**Your goal**
Write out all the data verbatim. Skip images.

(Beginning of Recorded information)

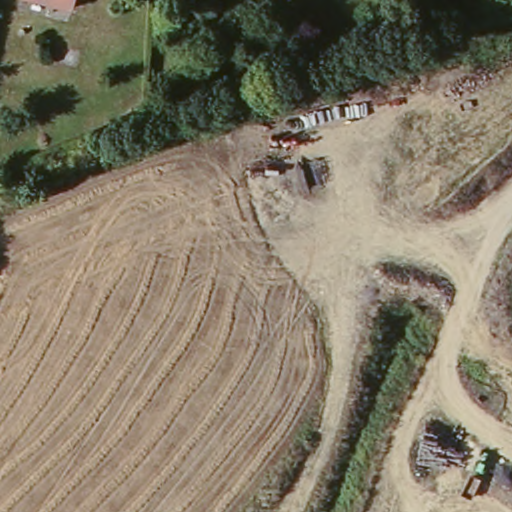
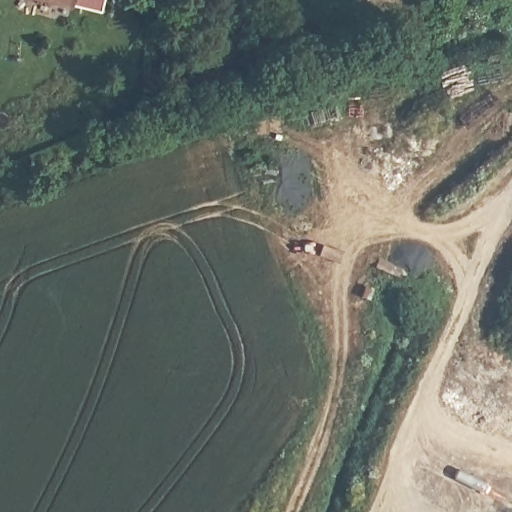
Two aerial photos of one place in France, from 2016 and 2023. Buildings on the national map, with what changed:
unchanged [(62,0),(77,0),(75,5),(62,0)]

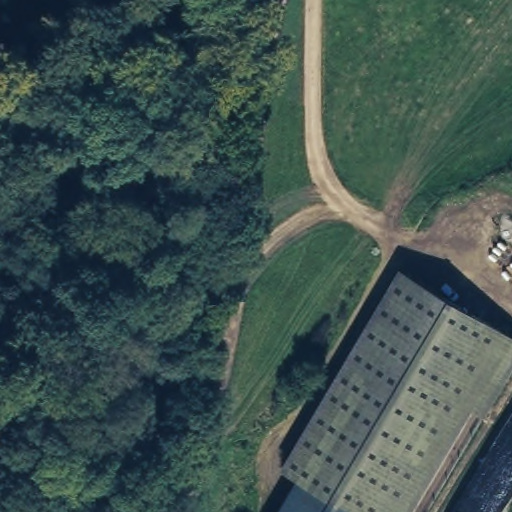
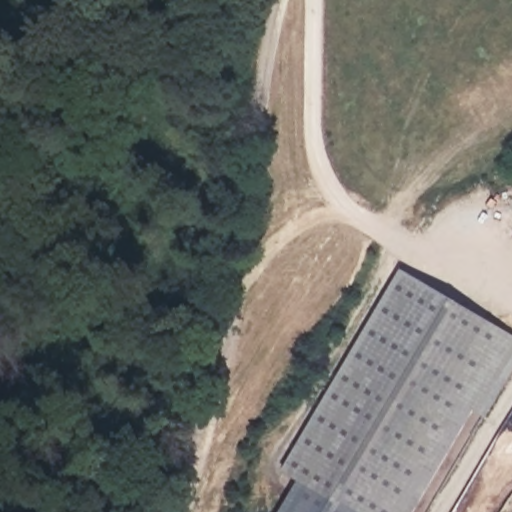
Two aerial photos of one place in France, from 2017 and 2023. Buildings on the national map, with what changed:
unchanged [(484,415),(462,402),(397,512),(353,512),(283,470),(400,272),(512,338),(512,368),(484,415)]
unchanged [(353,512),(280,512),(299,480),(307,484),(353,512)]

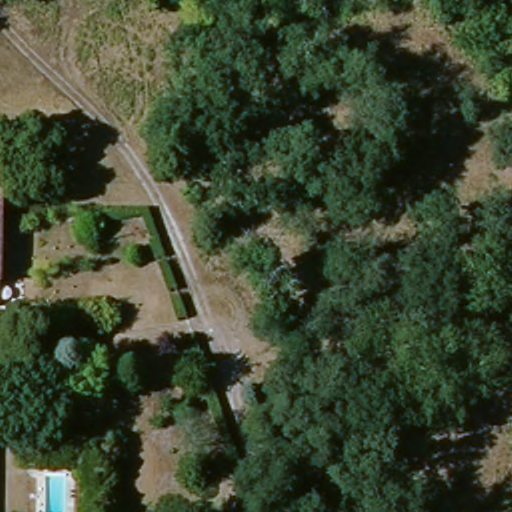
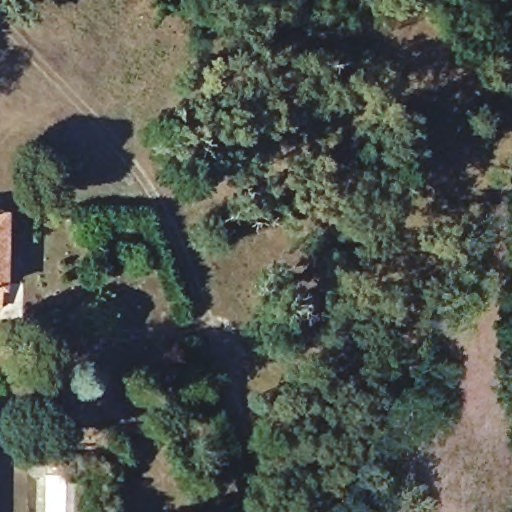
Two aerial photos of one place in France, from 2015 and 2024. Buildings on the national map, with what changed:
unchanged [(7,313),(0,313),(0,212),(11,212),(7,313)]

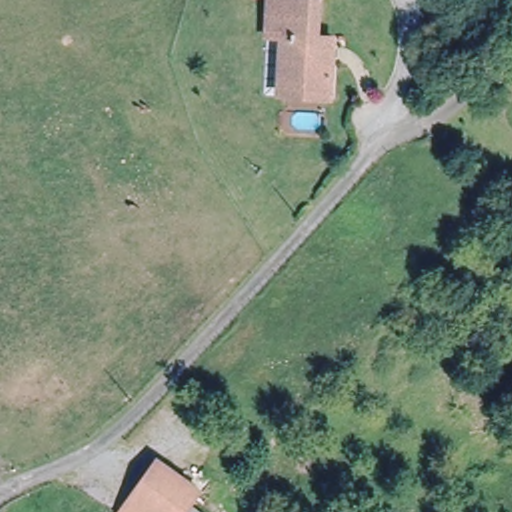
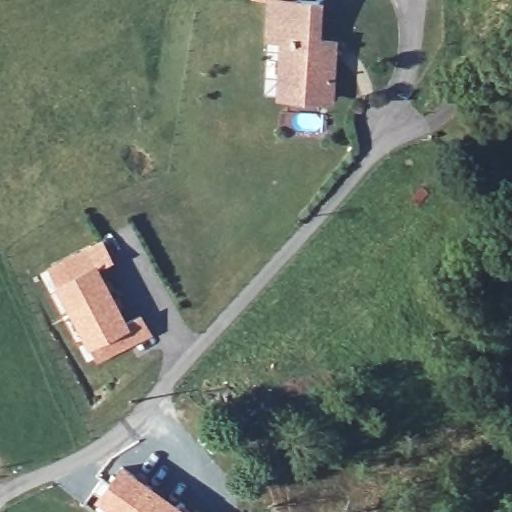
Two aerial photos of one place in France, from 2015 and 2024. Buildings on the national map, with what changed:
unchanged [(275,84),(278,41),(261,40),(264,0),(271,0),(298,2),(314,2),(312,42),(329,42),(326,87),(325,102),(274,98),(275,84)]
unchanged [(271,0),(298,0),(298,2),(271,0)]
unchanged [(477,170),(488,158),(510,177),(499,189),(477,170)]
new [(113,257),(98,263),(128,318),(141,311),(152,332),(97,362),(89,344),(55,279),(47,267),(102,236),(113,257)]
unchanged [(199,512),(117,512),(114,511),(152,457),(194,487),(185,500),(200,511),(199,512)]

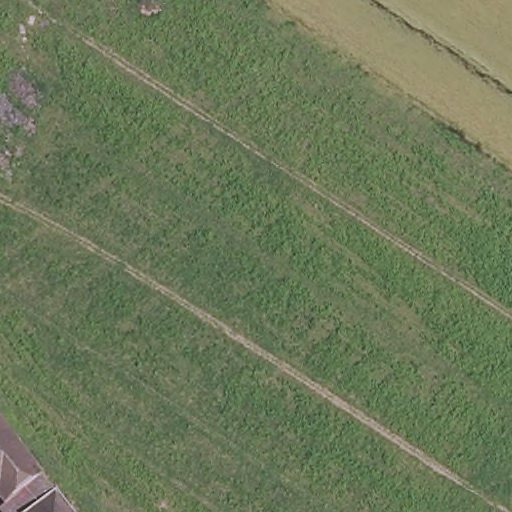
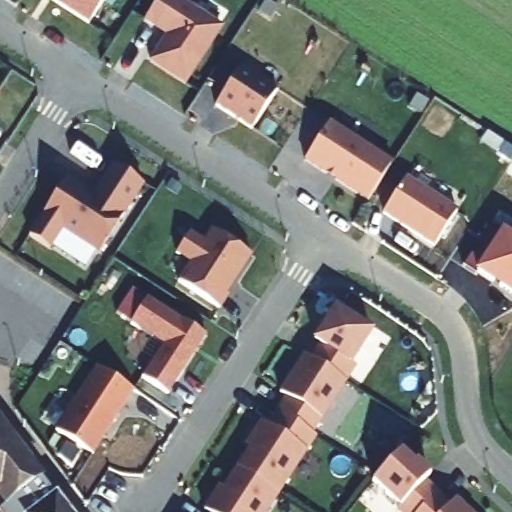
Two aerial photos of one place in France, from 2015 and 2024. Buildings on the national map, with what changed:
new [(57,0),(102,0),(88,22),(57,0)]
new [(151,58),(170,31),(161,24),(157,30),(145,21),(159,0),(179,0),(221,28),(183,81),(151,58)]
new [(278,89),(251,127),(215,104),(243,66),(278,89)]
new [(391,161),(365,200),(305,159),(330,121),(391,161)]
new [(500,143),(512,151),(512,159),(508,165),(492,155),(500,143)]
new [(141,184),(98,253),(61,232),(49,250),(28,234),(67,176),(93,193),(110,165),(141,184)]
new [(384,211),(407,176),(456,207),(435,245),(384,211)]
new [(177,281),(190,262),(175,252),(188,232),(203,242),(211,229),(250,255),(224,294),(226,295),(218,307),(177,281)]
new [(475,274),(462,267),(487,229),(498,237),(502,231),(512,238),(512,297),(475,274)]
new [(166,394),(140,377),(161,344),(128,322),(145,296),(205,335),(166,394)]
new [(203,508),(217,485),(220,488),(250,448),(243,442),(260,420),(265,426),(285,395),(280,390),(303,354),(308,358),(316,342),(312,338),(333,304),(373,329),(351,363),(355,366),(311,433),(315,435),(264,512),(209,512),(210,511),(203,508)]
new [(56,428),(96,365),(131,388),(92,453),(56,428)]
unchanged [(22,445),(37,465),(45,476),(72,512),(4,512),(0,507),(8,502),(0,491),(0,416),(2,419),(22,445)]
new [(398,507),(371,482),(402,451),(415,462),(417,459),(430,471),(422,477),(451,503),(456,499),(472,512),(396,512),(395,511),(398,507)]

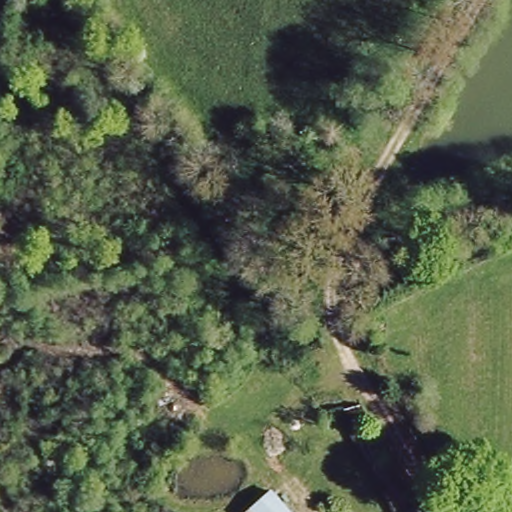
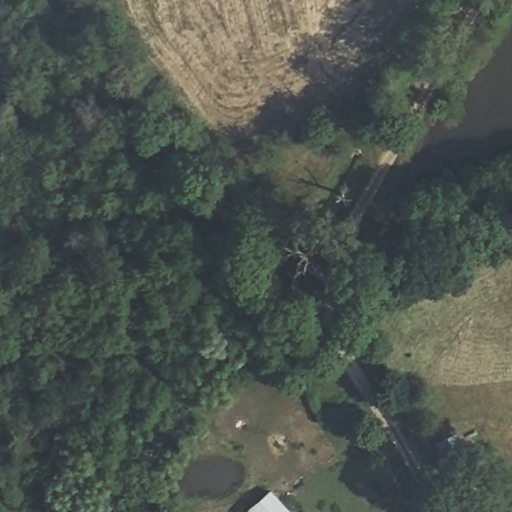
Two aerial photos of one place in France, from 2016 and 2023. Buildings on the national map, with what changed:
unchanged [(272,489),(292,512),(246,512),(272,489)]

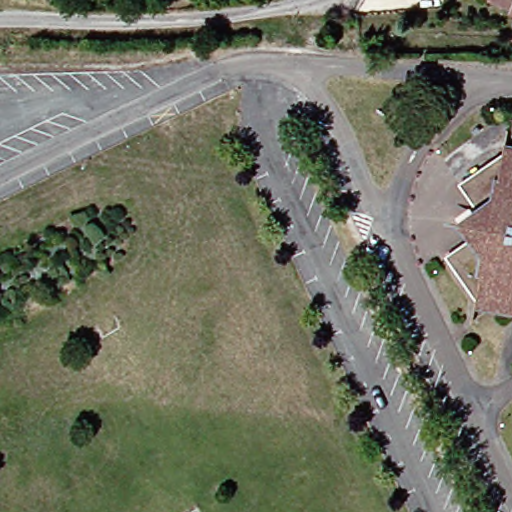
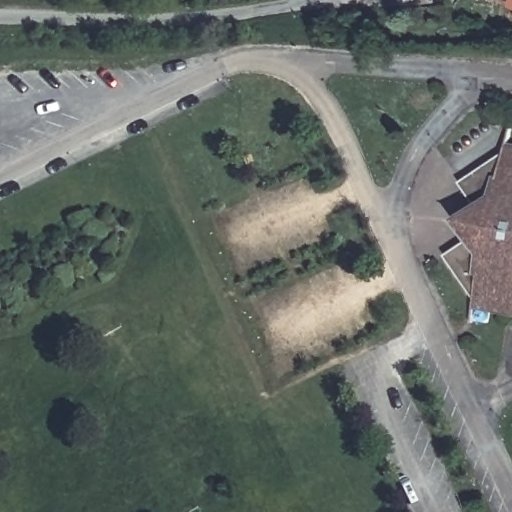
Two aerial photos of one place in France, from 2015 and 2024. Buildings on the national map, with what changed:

(End of Recorded information)

**Your solution**
Two aerial photos of one place in France, from 2016 and 2023. Buildings on the national map, with what changed:
unchanged [(62,0),(77,0),(75,5),(62,0)]

Two aerial photos of one place in France, from 2017 and 2023. Buildings on the national map, with what changed:
unchanged [(484,415),(462,402),(397,512),(353,512),(283,470),(400,272),(512,338),(512,368),(484,415)]
unchanged [(353,512),(280,512),(299,480),(307,484),(353,512)]

Two aerial photos of one place in France, from 2015 and 2024. Buildings on the national map, with what changed:
unchanged [(7,313),(0,313),(0,212),(11,212),(7,313)]

Two aerial photos of one place in France, from 2015 and 2024. Buildings on the national map, with what changed:
unchanged [(275,84),(278,41),(261,40),(264,0),(271,0),(298,2),(314,2),(312,42),(329,42),(326,87),(325,102),(274,98),(275,84)]
unchanged [(271,0),(298,0),(298,2),(271,0)]
unchanged [(477,170),(488,158),(510,177),(499,189),(477,170)]
new [(113,257),(98,263),(128,318),(141,311),(152,332),(97,362),(89,344),(55,279),(47,267),(102,236),(113,257)]
unchanged [(199,512),(117,512),(114,511),(152,457),(194,487),(185,500),(200,511),(199,512)]

Two aerial photos of one place in France, from 2015 and 2024. Buildings on the national map, with what changed:
new [(57,0),(102,0),(88,22),(57,0)]
new [(151,58),(170,31),(161,24),(157,30),(145,21),(159,0),(179,0),(221,28),(183,81),(151,58)]
new [(278,89),(251,127),(215,104),(243,66),(278,89)]
new [(391,161),(365,200),(305,159),(330,121),(391,161)]
new [(500,143),(512,151),(512,159),(508,165),(492,155),(500,143)]
new [(141,184),(98,253),(61,232),(49,250),(28,234),(67,176),(93,193),(110,165),(141,184)]
new [(384,211),(407,176),(456,207),(435,245),(384,211)]
new [(177,281),(190,262),(175,252),(188,232),(203,242),(211,229),(250,255),(224,294),(226,295),(218,307),(177,281)]
new [(475,274),(462,267),(487,229),(498,237),(502,231),(512,238),(512,297),(475,274)]
new [(166,394),(140,377),(161,344),(128,322),(145,296),(205,335),(166,394)]
new [(203,508),(217,485),(220,488),(250,448),(243,442),(260,420),(265,426),(285,395),(280,390),(303,354),(308,358),(316,342),(312,338),(333,304),(373,329),(351,363),(355,366),(311,433),(315,435),(264,512),(209,512),(210,511),(203,508)]
new [(56,428),(96,365),(131,388),(92,453),(56,428)]
unchanged [(22,445),(37,465),(45,476),(72,512),(4,512),(0,507),(8,502),(0,491),(0,416),(2,419),(22,445)]
new [(398,507),(371,482),(402,451),(415,462),(417,459),(430,471),(422,477),(451,503),(456,499),(472,512),(396,512),(395,511),(398,507)]

Two aerial photos of one place in France, from 2016 and 2023. Buildings on the national map, with what changed:
unchanged [(272,489),(292,512),(246,512),(272,489)]

Two aerial photos of one place in France, from 2015 and 2024. Buildings on the national map, with what changed:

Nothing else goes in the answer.